Differentiating both side of (1) with respect to $x,$ we get

$\frac{d}{dx}[ln(sin^{-1}(e^x))]+\frac{d}{dx}[yx^2]=\frac{d}{dx}(1)$

$\implies \frac{1}{sin^{-1}(e^x)}.\frac{d}{dx}[sin^{-1}(e^x)]+y.\frac{d}{dx}(x^2)+x^2.\frac{d}{dx}(y)=0$

$\implies \frac{1}{sin^{-1}(e^x)}.\frac{1}{\sqrt{1-(e^x)^2}}.\frac {d}{dx}(e^x)+y.(2x)+x^2.\frac{dy}{dx}=0$

$\implies \frac{1}{sin^{-1}(e^x)}.\frac{1}{\sqrt{1-(e^x)^2}}.(e^x)+2xy+x^2.\frac{dy}{dx}=0$

$\implies x^2.\frac{dy}{dx}=-[ \frac{1}{sin^{-1}(e^x)}.\frac{1}{\sqrt{1-(e^x)^2}}.(e^x)+2xy]$

$\implies \frac{dy}{dx}=-[ \frac{1}{x^2}.\frac{1}{sin^{-1}(e^x)}.\frac{1}{\sqrt{1-(e^x)^2}}.(e^x)+\frac{2xy}{x^2}]$

$\implies \frac{dy}{dx}=-[ \frac{1}{x^2}.\frac{1}{sin^{-1}(e^x)}.\frac{1}{\sqrt{1-(e^x)^2}}.(e^x)+2(\frac{y}{x})]$

b) Given that $tan^{-1}(x+y)-sin^{-1}(e^y+x)=4$ ..........(1)

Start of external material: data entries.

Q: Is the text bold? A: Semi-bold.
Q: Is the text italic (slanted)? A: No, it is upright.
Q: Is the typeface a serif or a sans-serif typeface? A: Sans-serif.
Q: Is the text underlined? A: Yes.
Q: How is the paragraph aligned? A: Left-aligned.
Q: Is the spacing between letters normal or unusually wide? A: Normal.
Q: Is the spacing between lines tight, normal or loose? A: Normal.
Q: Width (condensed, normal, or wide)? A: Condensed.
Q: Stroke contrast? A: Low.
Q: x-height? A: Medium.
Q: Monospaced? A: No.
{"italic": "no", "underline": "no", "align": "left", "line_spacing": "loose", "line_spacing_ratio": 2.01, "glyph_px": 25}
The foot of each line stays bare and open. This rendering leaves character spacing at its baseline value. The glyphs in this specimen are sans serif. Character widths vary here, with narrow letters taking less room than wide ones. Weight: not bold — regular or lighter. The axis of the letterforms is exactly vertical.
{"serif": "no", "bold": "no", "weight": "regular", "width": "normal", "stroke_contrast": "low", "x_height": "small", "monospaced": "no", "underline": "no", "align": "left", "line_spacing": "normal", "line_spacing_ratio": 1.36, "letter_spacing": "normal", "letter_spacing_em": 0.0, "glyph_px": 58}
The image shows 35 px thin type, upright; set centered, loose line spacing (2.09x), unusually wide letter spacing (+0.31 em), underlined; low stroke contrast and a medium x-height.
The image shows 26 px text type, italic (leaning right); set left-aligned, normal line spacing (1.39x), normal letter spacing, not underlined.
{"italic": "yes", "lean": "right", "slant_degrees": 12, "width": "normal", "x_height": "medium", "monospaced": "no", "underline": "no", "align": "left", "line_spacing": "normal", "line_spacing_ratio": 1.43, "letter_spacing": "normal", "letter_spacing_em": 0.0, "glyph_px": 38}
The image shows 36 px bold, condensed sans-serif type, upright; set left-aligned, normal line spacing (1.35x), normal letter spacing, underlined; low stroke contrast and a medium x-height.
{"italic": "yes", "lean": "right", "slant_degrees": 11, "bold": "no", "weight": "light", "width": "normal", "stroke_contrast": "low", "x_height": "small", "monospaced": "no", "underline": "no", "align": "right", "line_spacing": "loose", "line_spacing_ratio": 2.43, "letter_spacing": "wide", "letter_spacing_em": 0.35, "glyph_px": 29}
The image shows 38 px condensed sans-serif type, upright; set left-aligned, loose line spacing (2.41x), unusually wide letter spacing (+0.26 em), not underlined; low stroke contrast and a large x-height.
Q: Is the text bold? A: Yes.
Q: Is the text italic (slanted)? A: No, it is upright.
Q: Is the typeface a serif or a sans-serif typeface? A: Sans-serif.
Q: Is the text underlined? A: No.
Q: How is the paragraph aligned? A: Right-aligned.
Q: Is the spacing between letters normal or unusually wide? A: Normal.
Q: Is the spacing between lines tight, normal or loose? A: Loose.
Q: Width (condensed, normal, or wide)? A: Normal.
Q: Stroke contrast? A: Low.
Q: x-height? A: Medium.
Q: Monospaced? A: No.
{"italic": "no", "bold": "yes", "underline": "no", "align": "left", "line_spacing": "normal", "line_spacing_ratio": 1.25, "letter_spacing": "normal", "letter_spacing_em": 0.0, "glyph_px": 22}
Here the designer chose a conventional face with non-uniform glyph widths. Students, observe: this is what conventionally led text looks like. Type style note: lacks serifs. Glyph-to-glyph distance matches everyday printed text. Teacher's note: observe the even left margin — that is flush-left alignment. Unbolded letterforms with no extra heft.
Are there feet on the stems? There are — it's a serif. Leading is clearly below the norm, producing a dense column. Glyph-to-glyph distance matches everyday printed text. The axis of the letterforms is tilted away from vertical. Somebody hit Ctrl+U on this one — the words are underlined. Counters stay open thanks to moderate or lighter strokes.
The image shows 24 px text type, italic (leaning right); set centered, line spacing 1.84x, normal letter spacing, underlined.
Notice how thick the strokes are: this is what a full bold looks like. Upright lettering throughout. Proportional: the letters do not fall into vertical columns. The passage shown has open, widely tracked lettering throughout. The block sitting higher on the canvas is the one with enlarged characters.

Differentiating both side of (1) with respect to $x,$ we get

$\frac{d}{dx}[tan^{-1}(x+y)]-\frac{d}{dx}[sin^{-1}(e^y+x)]=\frac{d}{dx}(4)$

$\implies \frac {1}{[1+(x+y)^2]}.\frac{d}{dx}(x+y)-\frac{1}{\sqrt{1-(e^y+x)^2}}.\frac{d}{dx}(e^y+x)=0$

$\implies \frac {1}{[1+(x+y)^2]}.(1+\frac{dy}{dx})-\frac{1}{\sqrt{1-(e^y+x)^2}}.(1+e^y\frac{dy}{dx})=0$

$\implies [\frac {1}{[1+(x+y)^2]}-\frac{e^y}{\sqrt{1-(e^y+x)^2}}].\frac{dy}{dx}+[\frac {1}{[1+(x+y)^2]}-\frac{1}{\sqrt{1-(e^y+x)^2}}]=0$

$\implies [\sqrt{1-(e^y+x)^2} -e^y[1+(x+y)^2]].\frac{dy}{dx}+[\sqrt{1-(e^y+x)^2} -[1+(x+y)^2]]=0$

$\implies \frac{dy}{dx}=-\frac{[\sqrt{1-(e^y+x)^2} -[1+(x+y)^2]]}{[\sqrt{1-(e^y+x)^2} -e^y.[1+(x+y)^2]]}$